APPLE PIE FILLING FOR GALETTE

Ingredients:
5 Granny Smith Apples (They hold up better when baking)
1 1/2 tsp Ground cinnamon
1/2 tsp Ground Nutmeg
Pinch of ground clove
1/4 Cup REAL apple juice (The brown one, sometimes called apple cider-no alcohol)
1 Tbsp Tapioca starch mixed with some apple juice to form a paste
3 Tbsp Grade B maple syrup
1 Tbsp Organic coconut sugar
1 tsp Vanilla extract 
1/4 Cup cold salted butter
1 Egg mixed with 1 Tbsp milk of choice or water

Method:
Preheat oven to 350 degrees F

-In a bowl mix together apples, cinnamon, nutmeg, clove, maple syrup, vanilla, maple syrup and coconut sugar.

-*In a non-reactive sauce pan, place apple mixture with apple juice. Heat on medium heat and cook for 5 minutes, you don't want mushy apples, just slightly cooked. Then add tapioca mixture and remove from heat while stirring constantly until it thickens. Leave to cool.

-Between two sheets of parchment paper roll out your dough large enough to accomodate your filling and to 1/2" thickness. Gently remove the top layer of parchment, you can use the bottom layer as parchment to line your sheet for baking.

-Place the dough on a parchment lined cookie sheet that has lipped edges to catch any juices that may run.

-Chill in freezer for 4 minutes.

-Remove from freezer and dot with a few chunks of butter, place apple filling over the butter and in the center of the galette. Some of the juice will run, do not panic, this is normal.

-Quickly dot more butter over the apples and begin to carefully fold in and upwards, the edges of the pastry crust. You fold one part over the next as if closing a sectioned envelope.
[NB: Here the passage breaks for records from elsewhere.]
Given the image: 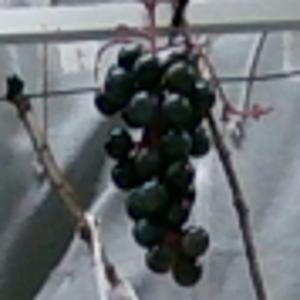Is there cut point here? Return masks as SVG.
<instances>
[{
    "label": "cut point",
    "mask_w": 300,
    "mask_h": 300,
    "mask_svg": "<svg viewBox=\"0 0 300 300\" xmlns=\"http://www.w3.org/2000/svg\"><path fill=\"white\" fill-rule=\"evenodd\" d=\"M158 0H145L144 9L148 12L151 27V56L157 57L156 50V10Z\"/></svg>",
    "instance_id": "obj_1"
}]
</instances>
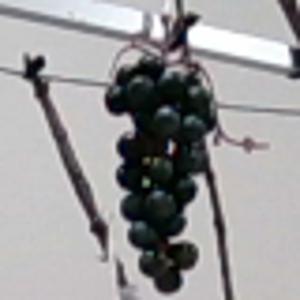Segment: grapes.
Masks as SVG:
<instances>
[{
    "instance_id": "obj_1",
    "label": "grapes",
    "mask_w": 300,
    "mask_h": 300,
    "mask_svg": "<svg viewBox=\"0 0 300 300\" xmlns=\"http://www.w3.org/2000/svg\"><path fill=\"white\" fill-rule=\"evenodd\" d=\"M104 107L114 117L127 114L135 126L115 141L123 159L115 182L127 192L119 213L129 223L128 243L140 251L138 271L159 294L175 296L182 274L196 269L201 257L191 240L170 241L187 227L186 207L199 193L192 177L210 165L206 141L218 123L217 104L199 73L166 69L155 54L118 67Z\"/></svg>"
}]
</instances>
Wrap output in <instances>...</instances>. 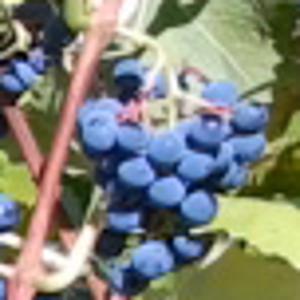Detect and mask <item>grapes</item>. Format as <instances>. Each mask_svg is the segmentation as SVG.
<instances>
[{"label":"grapes","instance_id":"obj_1","mask_svg":"<svg viewBox=\"0 0 300 300\" xmlns=\"http://www.w3.org/2000/svg\"><path fill=\"white\" fill-rule=\"evenodd\" d=\"M147 73L144 62L121 59L114 67L120 97L86 100L75 127L85 156L97 161L99 187L116 193L95 251L115 264L117 297L140 296L175 264L200 260L207 244L187 239L192 224H207L216 213L213 193L243 188L248 165L269 148L265 103L238 102L230 83L211 84L198 69L179 72L172 86Z\"/></svg>","mask_w":300,"mask_h":300},{"label":"grapes","instance_id":"obj_2","mask_svg":"<svg viewBox=\"0 0 300 300\" xmlns=\"http://www.w3.org/2000/svg\"><path fill=\"white\" fill-rule=\"evenodd\" d=\"M18 18L26 29L42 32L43 42L0 70V87L8 94L28 93L46 69L61 61L62 49L71 47L77 40L76 31L63 27L62 19L49 4H24L18 10Z\"/></svg>","mask_w":300,"mask_h":300},{"label":"grapes","instance_id":"obj_3","mask_svg":"<svg viewBox=\"0 0 300 300\" xmlns=\"http://www.w3.org/2000/svg\"><path fill=\"white\" fill-rule=\"evenodd\" d=\"M22 224V212L14 198L0 192V233H10Z\"/></svg>","mask_w":300,"mask_h":300}]
</instances>
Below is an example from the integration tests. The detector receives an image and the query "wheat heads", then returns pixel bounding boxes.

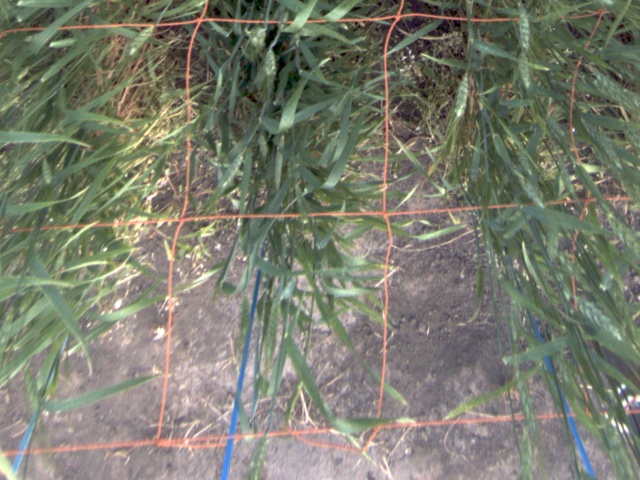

-Place the last of the butter on top, then using the egg and a pastry brush, run the egg wash over the outside of the crust to help with browning. You may sprinkle it with a bit of coconut sugar or cane sugar if you like. I only used the egg wash.

-Bake in your preheated oven for 45-60 minutes until it is a nice golden brown.
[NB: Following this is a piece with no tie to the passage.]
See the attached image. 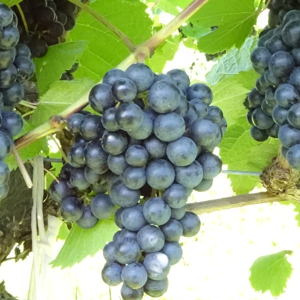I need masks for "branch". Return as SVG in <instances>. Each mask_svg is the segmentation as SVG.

*If you look at my pictures below, I did not cook my apples in the sauce pan before, I placed them directly in the crust after they were well seasoned up and I had also added the apple juice and tapioca to that mixture before. The reason is, that I am a weirdo and like my apples to be super firm when I eat pie, I am not a fan of apple mush. This means the apples are not as soft as the average person is used to and people who don't like it that way will complain. I think it's leftovers from my Rawfood vegan days, I am used to a snap in my fruit when I bite. If you prefer a more solid apple bite, the Granny Smith's will give that, which is the reason I choose them over red apples like a McIntosh. However, if you want a serious apple bite with a slightly harder texture, then you can make it my way but I suggest cooking it a bit longer so the apples are softer and halfway through, lower the temperature to 325 degrees so you don't burn the crust. Otherwise, follow the original recipe if this is all too much for you. 

                                     Here you can see the simple folding process.

               This is how beautifully she turned out when she was finished baking.

          So scrumptious, nothing says comfort like a wonderful piece of apple pie.